Goal of the exercise: Set every line of the data down again exactly, and keep the pictures out.

(Collection entries)
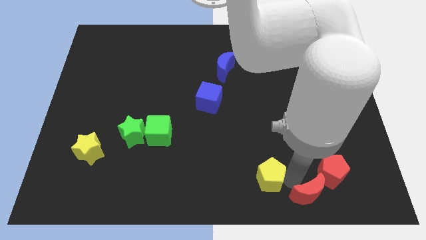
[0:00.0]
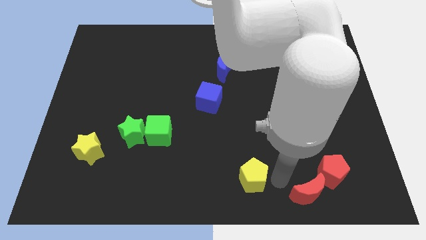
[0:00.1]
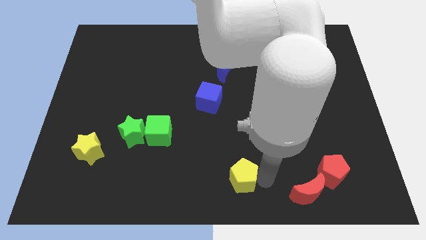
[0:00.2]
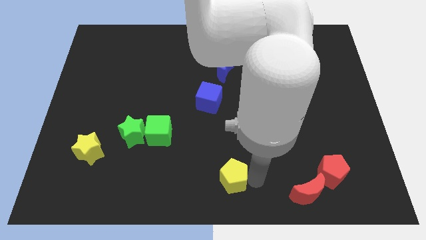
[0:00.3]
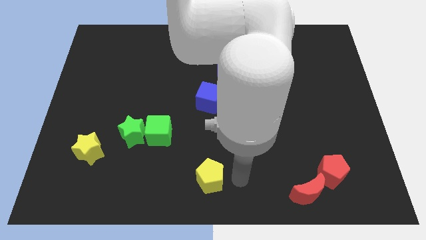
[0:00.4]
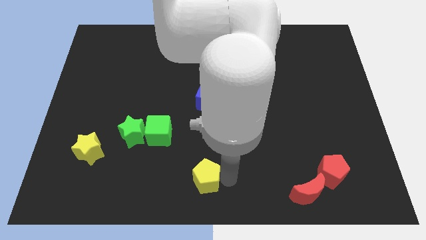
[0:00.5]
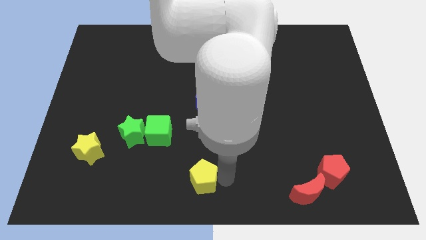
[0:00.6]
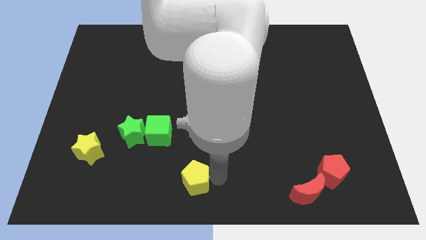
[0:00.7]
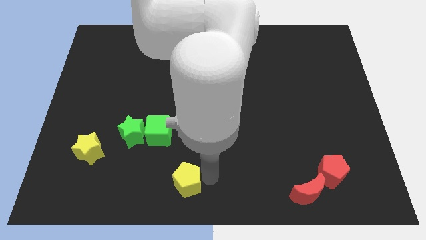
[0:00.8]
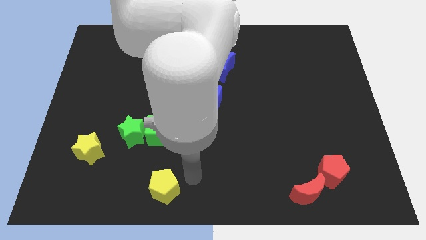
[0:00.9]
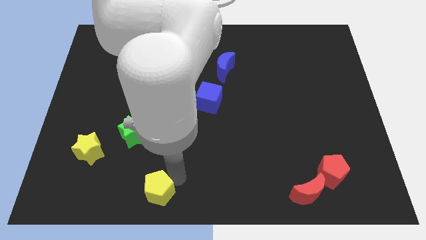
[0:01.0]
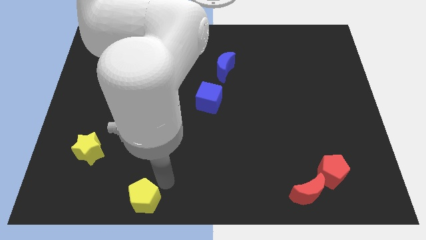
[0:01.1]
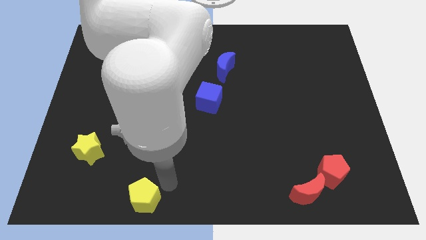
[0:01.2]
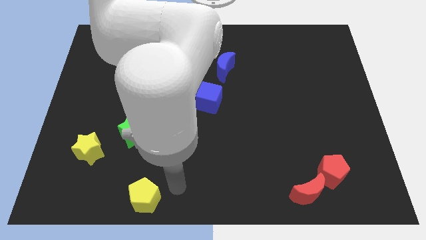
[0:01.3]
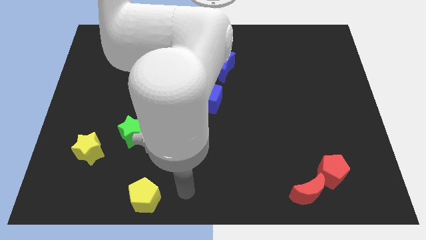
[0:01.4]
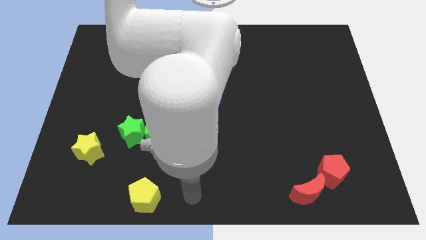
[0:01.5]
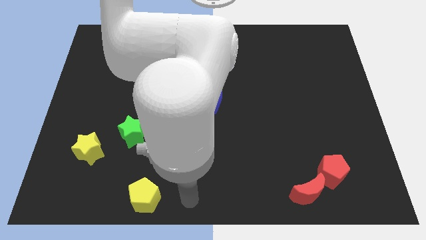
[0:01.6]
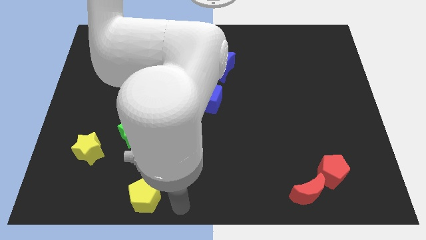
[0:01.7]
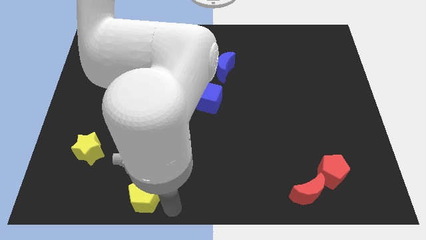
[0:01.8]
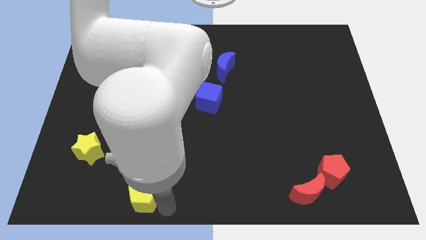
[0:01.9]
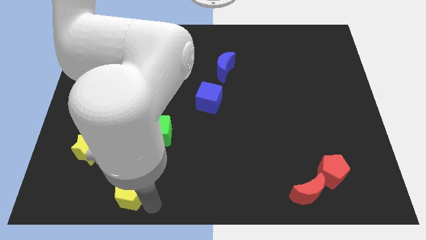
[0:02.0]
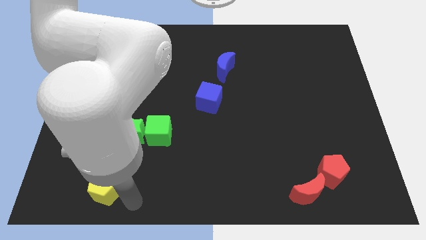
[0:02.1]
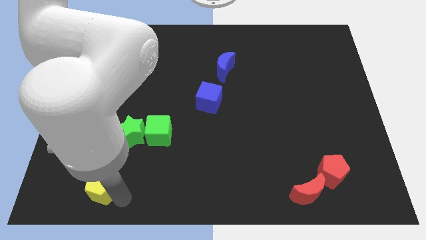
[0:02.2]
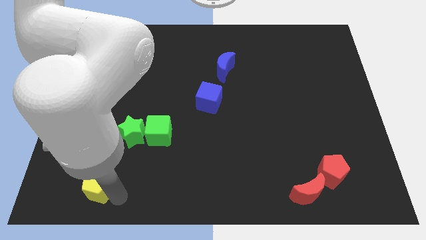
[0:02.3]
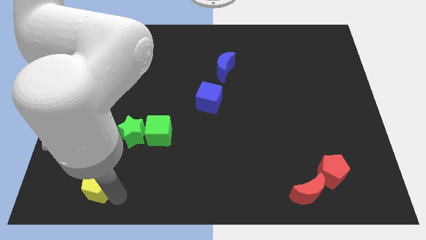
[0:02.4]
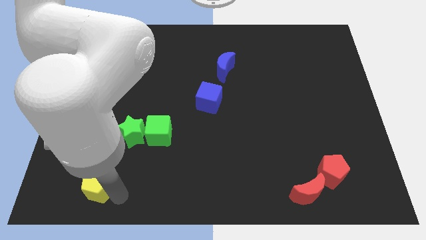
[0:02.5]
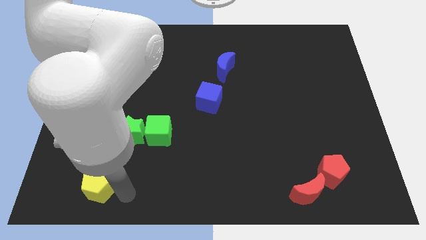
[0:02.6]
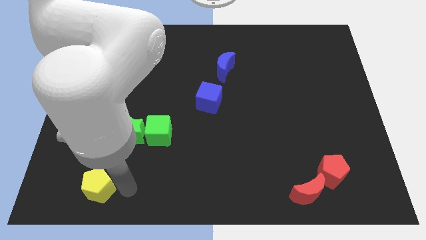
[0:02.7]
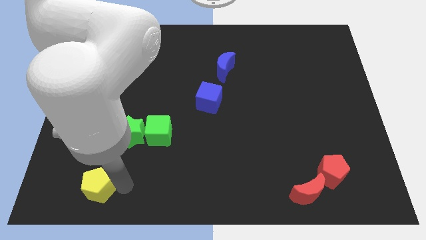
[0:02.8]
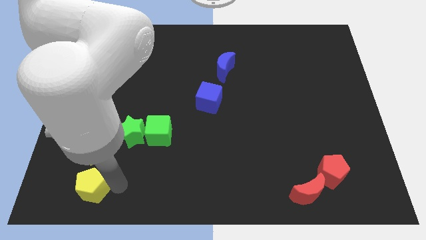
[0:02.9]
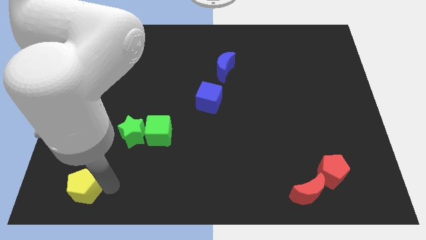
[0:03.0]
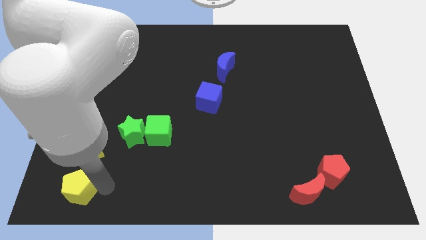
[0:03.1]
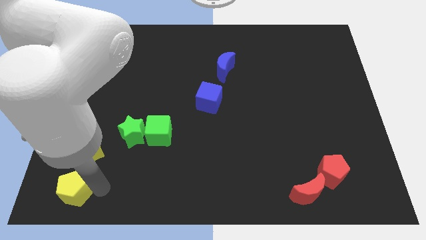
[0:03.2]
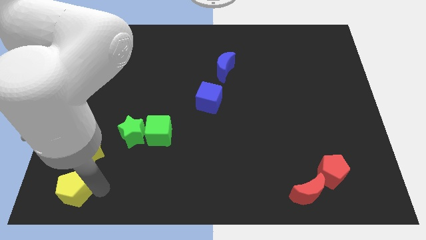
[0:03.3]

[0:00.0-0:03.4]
drag the yellow pentagon to the left

Result below:
[0:00.0]
[0:00.1]
[0:00.2]
[0:00.3]
[0:00.4]
[0:00.5]
[0:00.6]
[0:00.7]
[0:00.8]
[0:00.9]
[0:01.0]
[0:01.1]
[0:01.2]
[0:01.3]
[0:01.4]
[0:01.5]
[0:01.6]
[0:01.7]
[0:01.8]
[0:01.9]
[0:02.0]
[0:02.1]
[0:02.2]
[0:02.3]
[0:02.4]
[0:02.5]
[0:02.6]
[0:02.7]
[0:02.8]
[0:02.9]
[0:03.0]
[0:03.1]
[0:03.2]
[0:03.3]

[0:00.0-0:03.4]
drag the yellow pentagon to the left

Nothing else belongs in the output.